Cependant, il faudra plus qu’un cadre de gouvernance du secteur et des lois pour que le solaire prenne véritablement place dans la transition énergétique. Pour les spécialistes, il faut aussi compter sur l’engouement des ménages, même en milieu urbain, de disposer de l’énergie sans payer des factures ou sans subir d’éventuels délestages.

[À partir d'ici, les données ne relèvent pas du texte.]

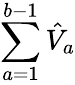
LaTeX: \sum_{a=1}^{b-1}\hat{V}_{a}
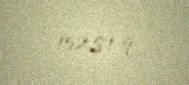
152,81 q
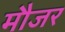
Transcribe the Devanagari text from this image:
मौजर
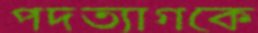
পদত্যাগকে

A Ouèdo, une localité située à une trentaine de km de Cotonou, Idelphonse B. n’a pas attendu le raccordement au réseau conventionnel pour s’offrir de l’électricité : « J’ai dépensé environs 150.000 Fcfa et j’ai de l’énergie électrique pour l’éclairage de la maison et le fonctionnement du poste téléviseur. Ce n’est qu’après que je me suis raccordé au réseau d’énergie électrique conventionnelle ».

Une dynamique à propulser
Selon une étude restituée le 29 octobre 2019 dans le cadre du Projet Régional d’Electrification Solaire Hors-Réseau, l’utilisation productive en 2018 est de 41,1 millions USD. Il y a 500.000 ménages qui peuvent être électrifiés d’ici à 2030. De quoi travailler à développer un marché autour du solaire. « C’est un secteur qui va connaître un boom. Il y a aujourd’hui un manque d’entrepreneurs qualifiés dans le secteur. Il est nécessaire que les jeunes profitent pour entreprendre. Le taux d’électrification étant faible, il faut des entrepreneurs pour accompagner l’Etat », nous confie Félix Comlan EBO, Président de l’Ecole Supérieure des Métiers des Energies Renouvelables (Esmer Bénin), au détour de l’atelier de restitution.

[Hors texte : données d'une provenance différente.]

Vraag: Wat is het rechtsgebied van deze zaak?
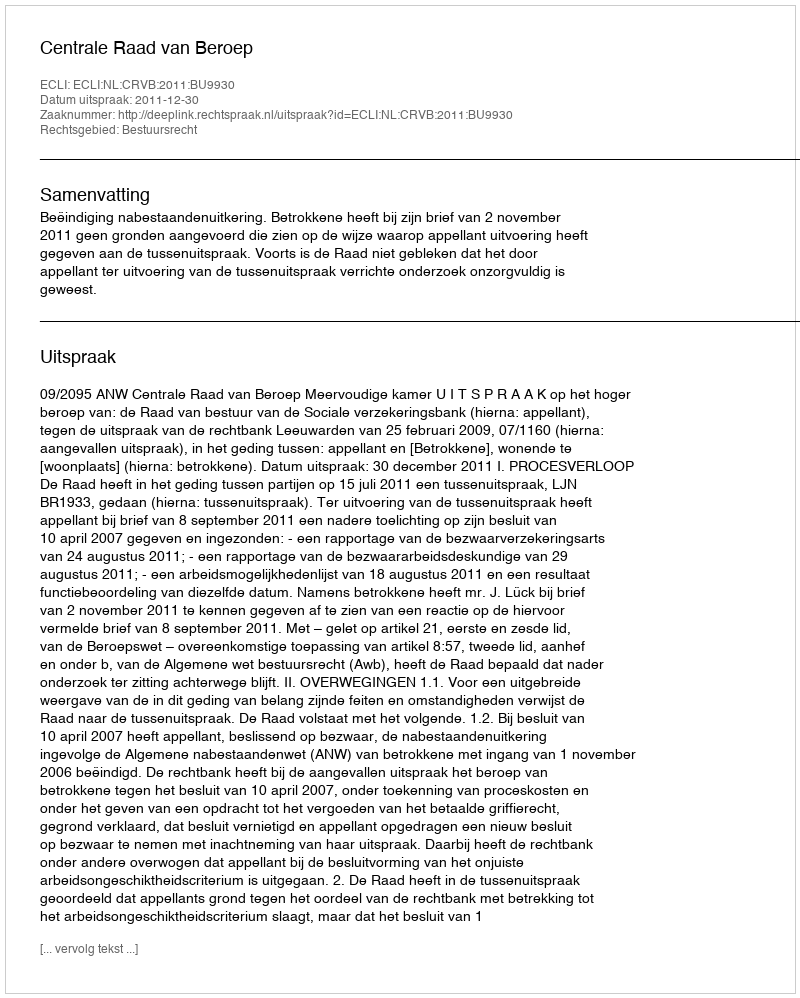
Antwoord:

Des projets de construction de centrales solaires photovoltaïques sont en cours dans plusieurs localités de même que le renforcement des capacités des entreprises à profiter de la dynamique en cours. Cependant, il faudra s’assurer aussi de la qualité des équipements servis aux consommateurs pour éviter qu’ils ne soient déçus de cette énergie renouvelable. « Maintenant le solaire est devenu populaire. Il y a une débauche d’activités dans le commerce d’où des déceptions au niveau des consommateurs. Nous avons travaillé sur la question avec l’Agence Béninoise de Normalisation. Il y a des normes qui sont déjà adoptées pour les panneaux solaires. On arrivera à un moment où si vous importez les équipements sans respecter les normes de référence, le matériel sera refoulé. », martèle-t-il.
En attendant, il faut dit-il, souhaiter que les efforts soient pérennisés et qu’on aille de l’avant pour que, avec une irradiation solaire d’environs 3,9 kWh/m².j au sud du Bénin et 6,2 kwh/m².j au nord sur toute l’année, la vie ne s’arrête plus quand se couche le soleil.